La carcajada es general. Como un escándalo dentro del escándalo, Yépez y su soberbia exhibición divertirán a los corrillos caraqueños durante varios días, mientras, en las librerías de la ciudad, las ventas de la novela se disparan. Según Últimas Noticias, en la Librería del Este, la tarde del 27, se venden en tres horas más de sesenta ejemplares y algunos compradores se los llevan hasta de a cuatro. No todos se la leerán, qué duda cabe, pero todos quieren hacerse su opinión y sentir que de algún modo participan en una polémica que agita la vida de la capital y de pronto ha puesto a correr mil rumores distintos.(...)

Entre todos estos dimes y diretes, Manuel Trujillo se atreve otra vez a enunciar en voz alta lo que muchos comentan en voz baja y vuelve a desafiar a la censura adoptando una actitud independiente que, como ya se dijo, pronto ha de costarle la cárcel y el exilio: "Lo que hay que decirle a Camilo es que la falta de dignidad no están en el habla de un campesino o de un llanero, los cuales, a fin de cuentas, están lejos de entrar en la metafísica y la moral de tal palabreja; lo que hay que decirle a Camilo es que la falta de dignidad anda más cerca de la falta de responsabilidad que debe mostrar un escritor en su profesión en cuanto a su plena libertad de acción.
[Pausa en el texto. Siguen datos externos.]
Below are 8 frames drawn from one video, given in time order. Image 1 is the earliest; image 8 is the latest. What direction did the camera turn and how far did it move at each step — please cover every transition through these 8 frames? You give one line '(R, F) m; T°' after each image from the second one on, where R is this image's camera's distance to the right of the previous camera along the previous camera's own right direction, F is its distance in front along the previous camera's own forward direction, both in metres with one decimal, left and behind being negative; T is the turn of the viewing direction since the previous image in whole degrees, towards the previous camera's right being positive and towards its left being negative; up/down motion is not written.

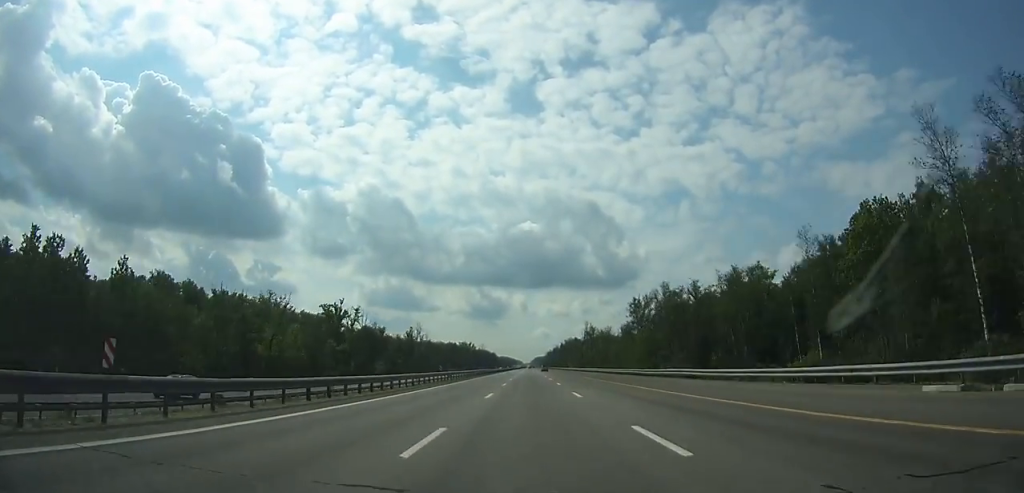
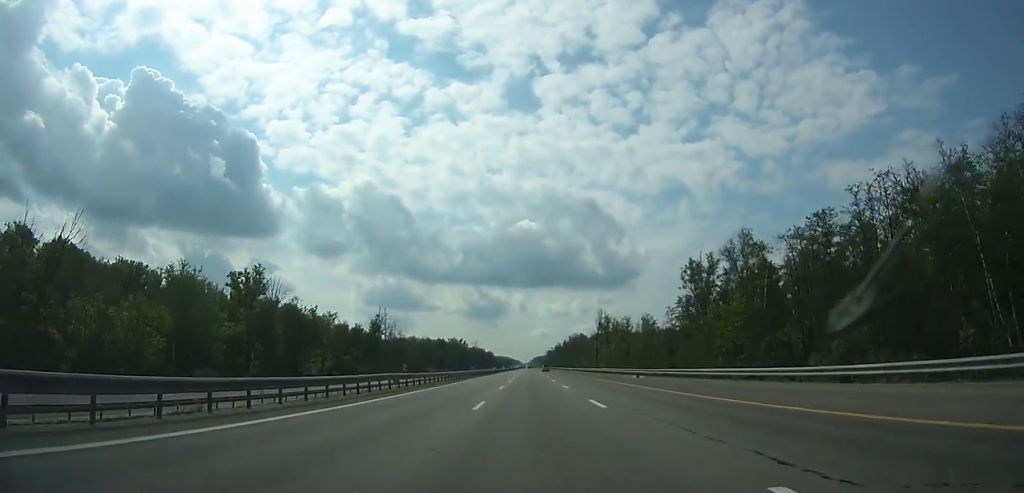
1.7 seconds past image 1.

Y una novela de encargo de antemano impone dos medidas: el pensar, al escribir la obra, en quienes la encargan, y el pensar si ese pensamiento no influirá en la obra en sí".
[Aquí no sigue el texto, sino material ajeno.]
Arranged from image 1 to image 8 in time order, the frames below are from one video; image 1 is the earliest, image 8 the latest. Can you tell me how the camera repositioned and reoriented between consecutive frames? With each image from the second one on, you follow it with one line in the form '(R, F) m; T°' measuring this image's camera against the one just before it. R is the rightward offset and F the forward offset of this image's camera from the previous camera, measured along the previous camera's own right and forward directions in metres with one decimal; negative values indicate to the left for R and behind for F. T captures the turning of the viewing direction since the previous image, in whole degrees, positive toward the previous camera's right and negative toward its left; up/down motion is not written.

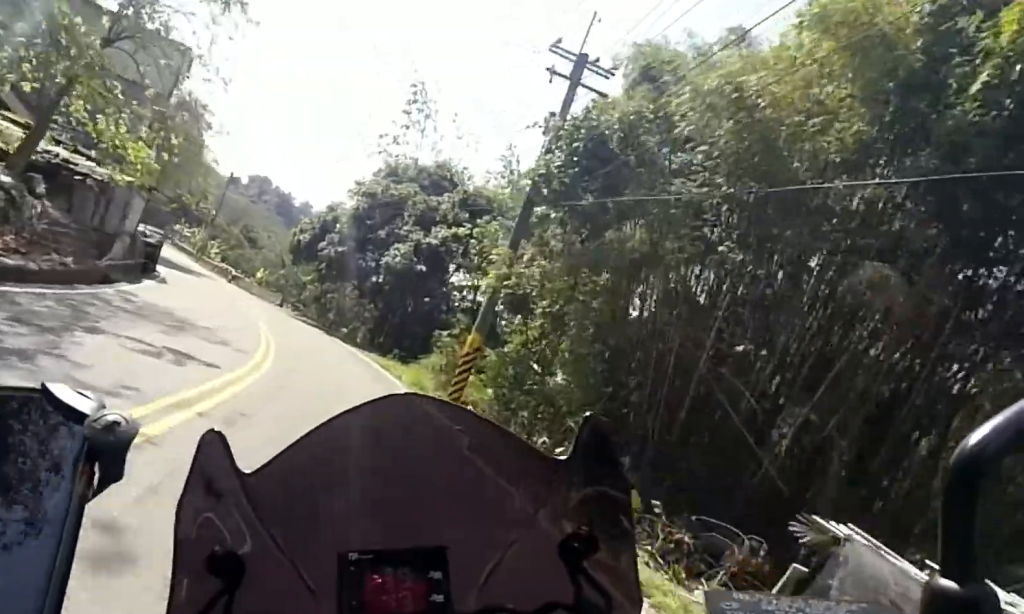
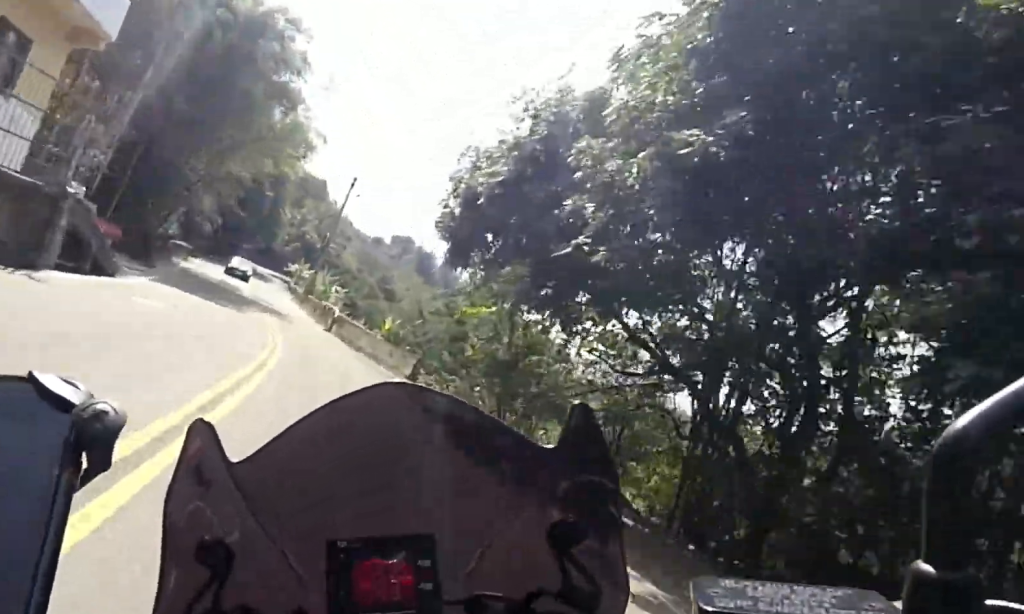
(-1.2, +21.8) m; -10°
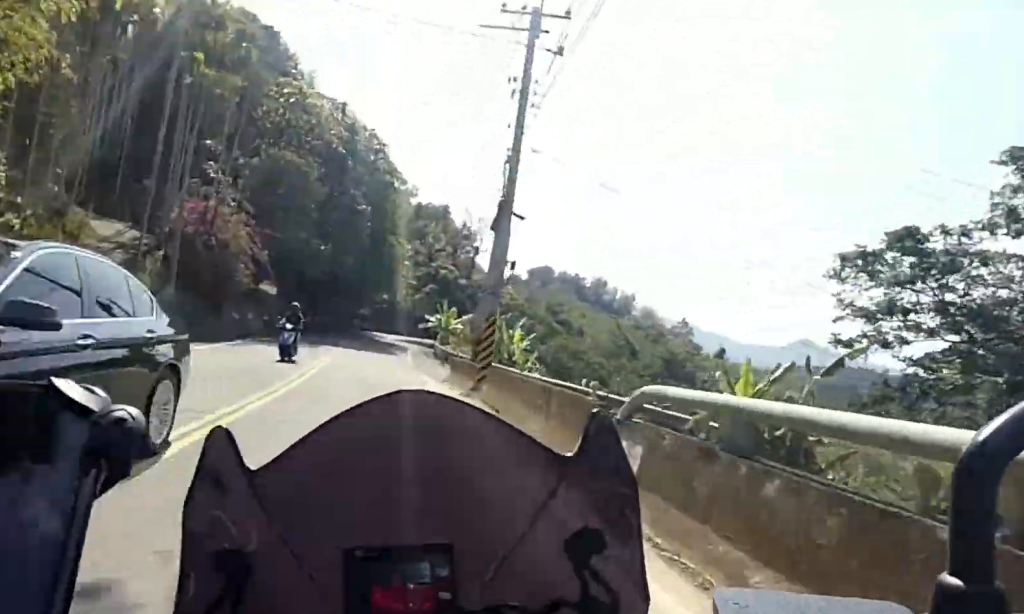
(-4.0, +27.4) m; -13°
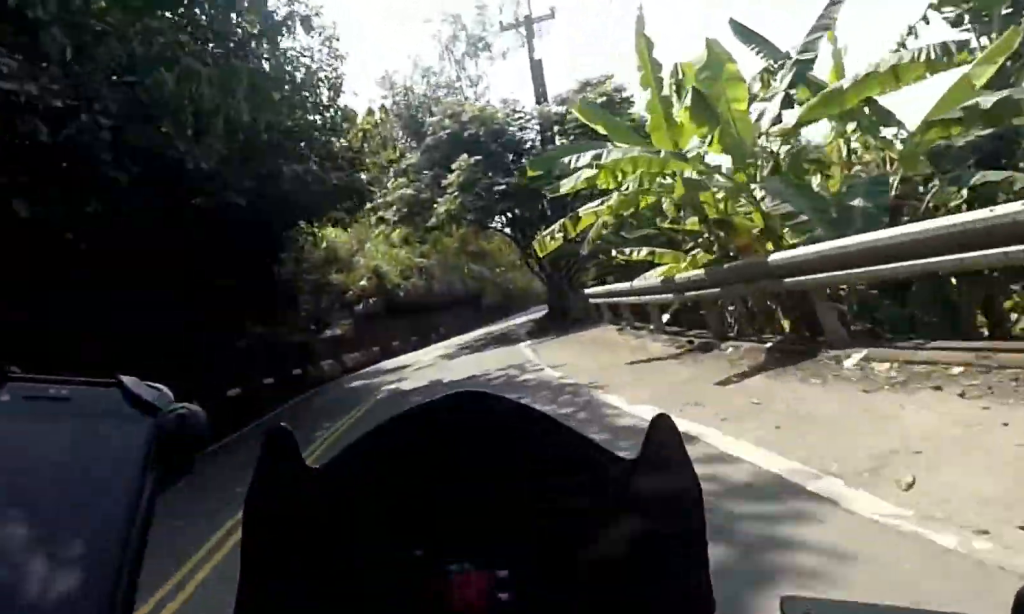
(+0.1, +38.7) m; +6°
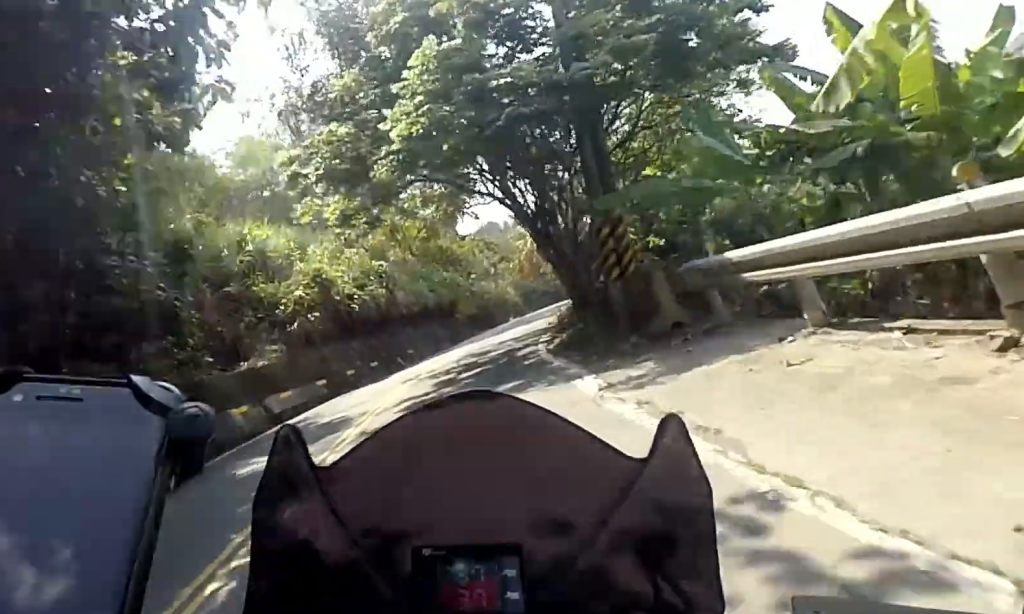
(+0.4, +9.0) m; +3°
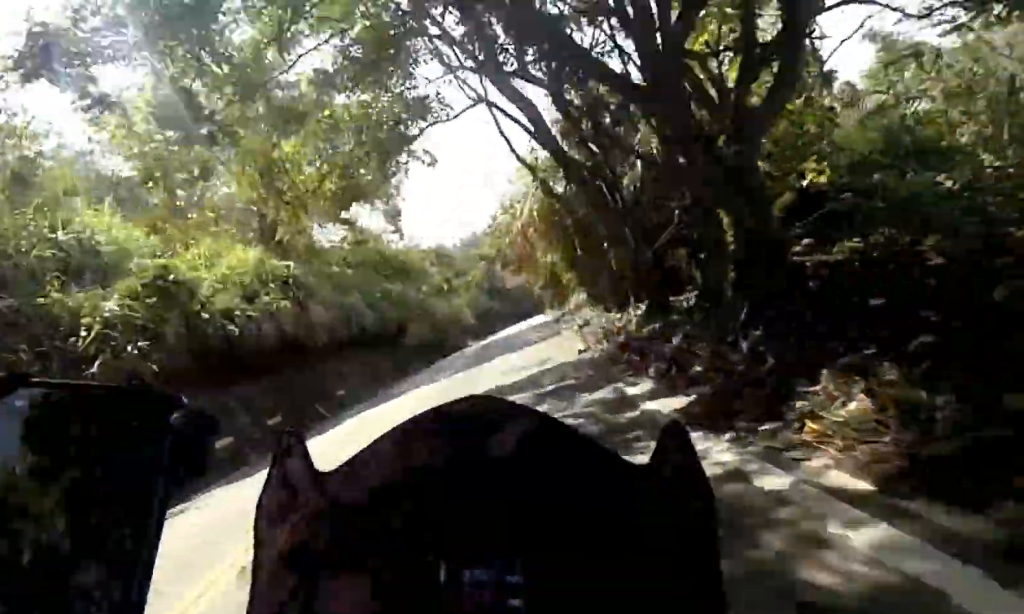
(0.0, +10.8) m; +4°
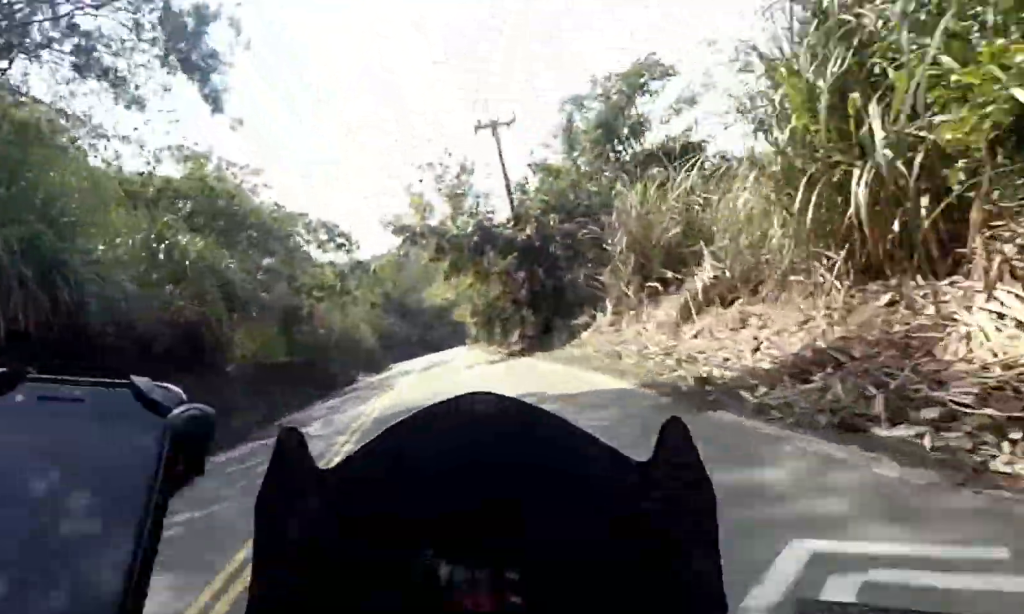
(+1.3, +19.7) m; +6°
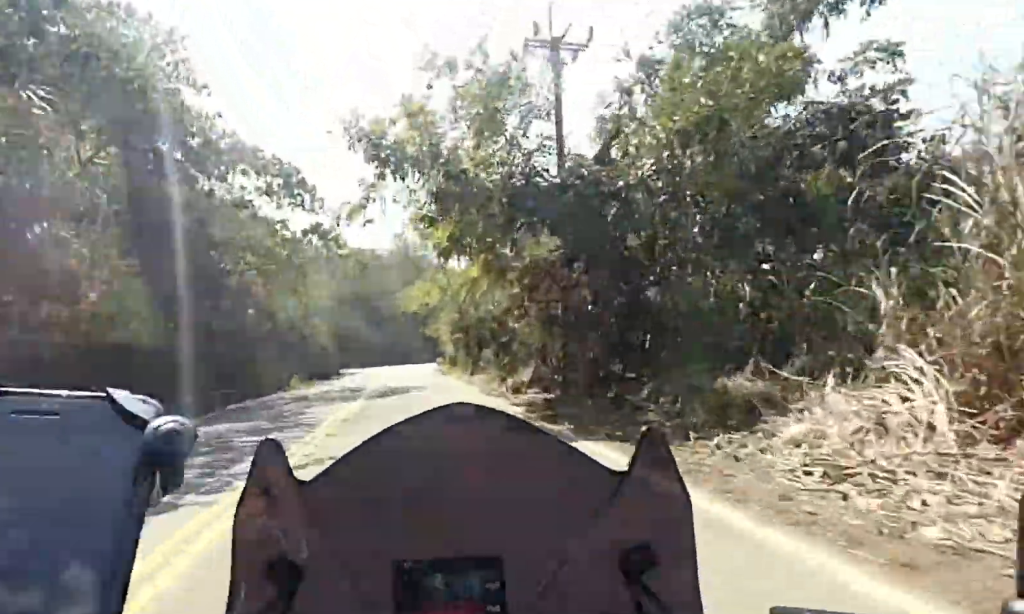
(+0.4, +9.2) m; +1°

Cela no puede seguir callado y el día 28 de abril contesta a las críticas que se le han hecho en una larga entrevista que se publica a cinco columnas en Últimas Noticias bajo el título de No acepto que se diga que mi libro ofende deliberadamente a Venezuela. En realidad, no es otro el mensaje más urgente que trata de hacer pasar con esta ponderada conversación donde primero se confiesa extrañado ante la actitud de muchos escritores venezolanos hacia La catira y luego va respondiendo ordenadamente, punto tras punto, a las principales objeciones. ¿Que los llaneros no son como él los pinta? Naturalmente, como personajes de una novela son autónomos en su espíritu y su carácter, tienen su propia idiosincrasia y no simbolizan idealmente la generalidad del hombre del llano venezolano. ¿Que la novela es inmoral e incluso pornográfica? La pornografía es literatura de salón; a cielo abierto, no hay pornografía. ¿Que era imposible captar el espíritu de los Llanos en el escaso tiempo que estuvo allí? Un autor se puede equivocar aun estando diez años en contacto con el medio que quiere reflejar y viceversa, puede acertar con un roce de unos cuantos meses.